Anura Ranasinghe

Personal information
- Born: 13 October 1956 Kalutara
- Died: 9 November 1998 (aged 42) Colombo
- Batting: Right-handed
- Bowling: Left-arm medium

International information
- National side: Sri Lanka (1975–1982);
- Test debut (cap 13): 14 March 1982 v England
- Last Test: 17 September 1982 v India
- ODI debut (cap 8): 7 June 1975 v West Indies
- Last ODI: 15 September 1982 v India

Career statistics
| Competition | Test | ODI |
| Matches | 2 | 9 |
| Runs scored | 88 | 153 |
| Batting average | 22.00 | 21.85 |
| 100s/50s | 0/1 | 0/1 |
| Top score | 77 | 51 |
| Balls bowled | 19 | 324 |
| Wickets | 1 | 2 |
| Bowling average | 69.00 | 140.50 |
| 5 wickets in innings | 0 | 0 |
| 10 wickets in match | 0 | 0 |
| Best bowling | 1/23 | 1/21 |
| Catches/stumpings | 0/– | 0/– |
- Source: ESPNcricinfo, 22 September 2016

= Anura Ranasinghe =

Sri Lankan cricketer

Anura Nandana Ranasinghe (13 October 1956 – 9 November 1998) was a Sri Lankan cricketer, who represented Sri Lanka at international level 11 times.

==School times==
Ranasinghe won the best schoolboy cricketer award during the 1974–75 cricketing season when he first played cricket for Nalanda College Colombo.

==International career==
Ranasinghe created history in 1975 when he became the first schoolboy to play in a World Cup when he represented Sri Lanka in the inaugural tournament in England at the age of 18 years. He played in all three matches against West Indies, Australia and Pakistan in the 1975 World Cup for Sri Lanka, scoring a total of 19 runs in three innings and conceding 65 runs from ten overs.
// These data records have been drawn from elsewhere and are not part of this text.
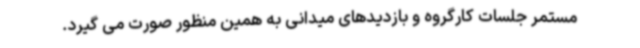
مستمر جلسات کارگروه و بازدیدهای میدانی به همین منظور صورت می گیرد.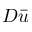
D \bar { u }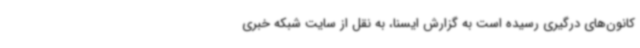
کانون‌های درگیری رسیده است به گزارش ایسنا، به نقل از سایت شبکه خبری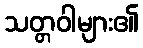
သတ္တဝါများ၏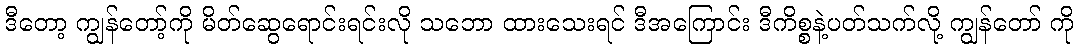
ဒီတော့ ကျွန်တော့်ကို မိတ်ဆွေရောင်းရင်းလို သဘော ထားသေးရင် ဒီအကြောင်း ဒီကိစ္စနဲ့ပတ်သက်လို့ ကျွန်တော် ကို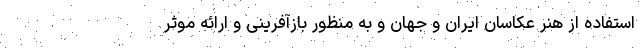
استفاده از هنر عکاسان ایران و جهان و به منظور بازآفرینی و ارائه موثر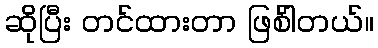
ဆိုပြီး တင်ထားတာ ဖြစ်ါတယ်။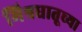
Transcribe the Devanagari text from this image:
मिश्रधातूच्या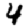
Digit: 4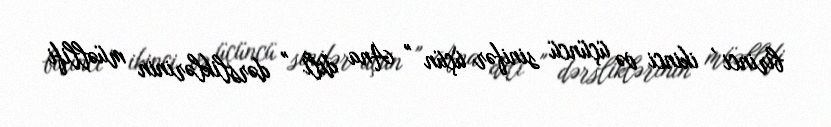
birinci , ikinci və üçüncü sinifər üçün " Ana dili " dərsliklərinin müəllifi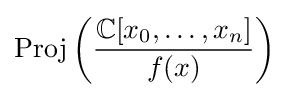
{\text{Proj}}\left({\frac {\mathbb {C} [x_{0},\ldots ,x_{n}]}{f(x)}}\right)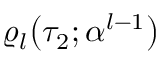
\varrho _ { l } \big ( \tau _ { 2 } ; \boldsymbol { \alpha } ^ { l - 1 } \big )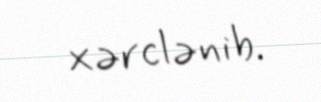
xərclənib.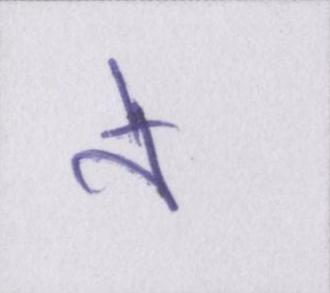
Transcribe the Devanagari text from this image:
ने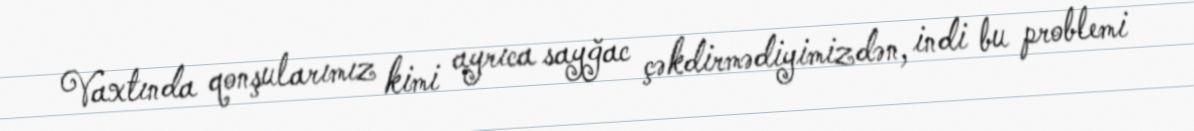
Vaxtında qonşularımız kimi ayrıca sayğac çəkdirmədiyimizdən, indi bu problemi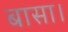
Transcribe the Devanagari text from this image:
बासा।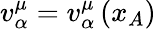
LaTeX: v_{\alpha}^{\mu}=v_{\alpha}^{\mu}\left(x_{A}\right)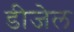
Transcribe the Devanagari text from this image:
डीजेल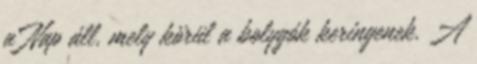
a Nap áll, mely körül a bolygók keringenek. A

A shoulder injury meant that he was not considered for the 1979 World Cup. He was named in the 12 for the inaugural Test match where England played against Sri Lanka, but was left out on the morning of the game in favour of Lalith Kaluperuma. He did play in two ODIs against England, but his fortunes were the reverse of Sri Lanka's – in the first ODI, he scored a quickfire 51, but was caught by Geoff Cook just as Sri Lanka needed to up the run rate to chase England's total. They finished six runs short of victory. In the second, Ranasinghe recorded a duck, and yet Sri Lanka won by three runs – although his nine economical overs, conceding only 37 runs, had some say in the win.

His ODI performances may have played a part into his call-up for the 1981–82 tour of Pakistan. He didn't play the first Test, but came in for Ravi Ratnayeke in the second, the selectors wanting to bolster the batting. Despite the Sri Lankans doing well, Ranasinghe contributed little, scoring only eleven runs in two innings and bowling twelve overs for 40 runs – also taking the wicket of wicket-keeper Ashraf Ali.
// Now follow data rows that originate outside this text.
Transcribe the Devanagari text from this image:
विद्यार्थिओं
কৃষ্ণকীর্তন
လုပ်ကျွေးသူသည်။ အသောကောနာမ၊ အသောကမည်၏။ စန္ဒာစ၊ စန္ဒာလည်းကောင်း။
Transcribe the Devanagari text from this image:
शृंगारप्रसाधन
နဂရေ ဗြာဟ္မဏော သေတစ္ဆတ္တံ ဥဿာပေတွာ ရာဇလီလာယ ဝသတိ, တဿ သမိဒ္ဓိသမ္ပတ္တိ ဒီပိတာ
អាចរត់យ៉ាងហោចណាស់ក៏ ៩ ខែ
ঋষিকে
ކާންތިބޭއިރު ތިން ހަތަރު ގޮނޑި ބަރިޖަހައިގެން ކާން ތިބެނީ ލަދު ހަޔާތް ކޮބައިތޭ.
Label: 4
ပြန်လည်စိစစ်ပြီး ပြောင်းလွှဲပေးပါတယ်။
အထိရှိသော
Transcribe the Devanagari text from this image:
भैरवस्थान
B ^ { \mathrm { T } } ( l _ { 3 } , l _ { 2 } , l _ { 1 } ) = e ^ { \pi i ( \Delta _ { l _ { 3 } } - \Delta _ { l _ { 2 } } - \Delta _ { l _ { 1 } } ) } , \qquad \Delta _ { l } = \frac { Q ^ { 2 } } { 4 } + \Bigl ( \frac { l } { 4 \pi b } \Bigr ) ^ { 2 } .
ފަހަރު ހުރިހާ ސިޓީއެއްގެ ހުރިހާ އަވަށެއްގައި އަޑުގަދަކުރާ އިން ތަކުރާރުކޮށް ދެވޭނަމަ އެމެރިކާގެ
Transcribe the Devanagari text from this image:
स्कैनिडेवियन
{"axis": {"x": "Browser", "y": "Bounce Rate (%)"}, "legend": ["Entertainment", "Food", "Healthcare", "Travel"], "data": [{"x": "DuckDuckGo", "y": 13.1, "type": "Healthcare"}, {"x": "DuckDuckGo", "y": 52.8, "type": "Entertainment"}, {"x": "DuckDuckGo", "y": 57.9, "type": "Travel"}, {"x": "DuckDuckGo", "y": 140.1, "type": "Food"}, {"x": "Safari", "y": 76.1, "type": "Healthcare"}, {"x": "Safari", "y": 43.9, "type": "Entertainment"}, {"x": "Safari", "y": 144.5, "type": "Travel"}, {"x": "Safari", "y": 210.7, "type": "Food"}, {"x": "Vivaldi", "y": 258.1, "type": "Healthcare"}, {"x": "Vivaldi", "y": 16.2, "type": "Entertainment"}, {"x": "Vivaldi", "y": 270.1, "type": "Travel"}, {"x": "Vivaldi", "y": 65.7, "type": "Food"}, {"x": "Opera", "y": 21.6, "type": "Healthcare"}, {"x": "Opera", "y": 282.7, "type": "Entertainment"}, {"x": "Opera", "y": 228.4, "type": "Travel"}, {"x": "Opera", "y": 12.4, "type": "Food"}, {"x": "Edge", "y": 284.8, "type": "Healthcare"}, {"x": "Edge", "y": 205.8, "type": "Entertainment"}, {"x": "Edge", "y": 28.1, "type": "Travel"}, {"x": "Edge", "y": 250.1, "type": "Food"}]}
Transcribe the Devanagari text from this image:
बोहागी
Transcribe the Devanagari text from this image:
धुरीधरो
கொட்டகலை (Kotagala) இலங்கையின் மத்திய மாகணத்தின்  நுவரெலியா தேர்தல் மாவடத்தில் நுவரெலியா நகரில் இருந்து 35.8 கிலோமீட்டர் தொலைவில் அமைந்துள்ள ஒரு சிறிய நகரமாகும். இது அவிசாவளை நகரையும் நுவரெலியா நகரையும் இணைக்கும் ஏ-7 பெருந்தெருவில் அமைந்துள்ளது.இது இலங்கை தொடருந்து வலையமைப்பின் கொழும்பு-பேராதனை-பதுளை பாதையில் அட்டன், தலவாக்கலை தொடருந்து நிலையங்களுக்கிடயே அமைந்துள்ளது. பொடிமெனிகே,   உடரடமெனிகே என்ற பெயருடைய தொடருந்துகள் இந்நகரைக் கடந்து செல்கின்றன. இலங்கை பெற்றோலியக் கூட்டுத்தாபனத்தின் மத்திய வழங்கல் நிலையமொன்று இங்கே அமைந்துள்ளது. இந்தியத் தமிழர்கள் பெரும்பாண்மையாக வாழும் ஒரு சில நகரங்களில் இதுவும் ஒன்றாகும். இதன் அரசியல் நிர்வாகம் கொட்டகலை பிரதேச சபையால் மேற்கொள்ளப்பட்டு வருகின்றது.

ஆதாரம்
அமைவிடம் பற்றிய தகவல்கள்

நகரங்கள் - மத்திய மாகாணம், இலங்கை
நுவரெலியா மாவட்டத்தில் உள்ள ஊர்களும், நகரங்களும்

He was dropped again for the third Test, but returned later in 1982, for Sri Lanka's 1982–83 tour of India. His first innings was another disappointment, as he was dismissed for a duck, but a rearguard 77 against Kapil Dev and Dilip Doshi ensured that Sri Lanka could draw the match. That was his last international game of cricket, however, as the South Africa tour meant that his career was curtailed.

===Ban===
Ranasinghe's career, however, was cut short by deciding to tour South Africa in 1982–83, which resulted in him getting a 25-year ban from all cricket. When the ban was lifted in 1990, he returned for a few games, but then retired.

==Death==
Ranasinghe died of a heart attack in Colombo, aged 42.

Nalanda Junior Old Boys Association (NJOBA) organises Old Ananda Nalanda Test Cricketers' Limited Over Encounter and it is named after Anura Ranasinghe.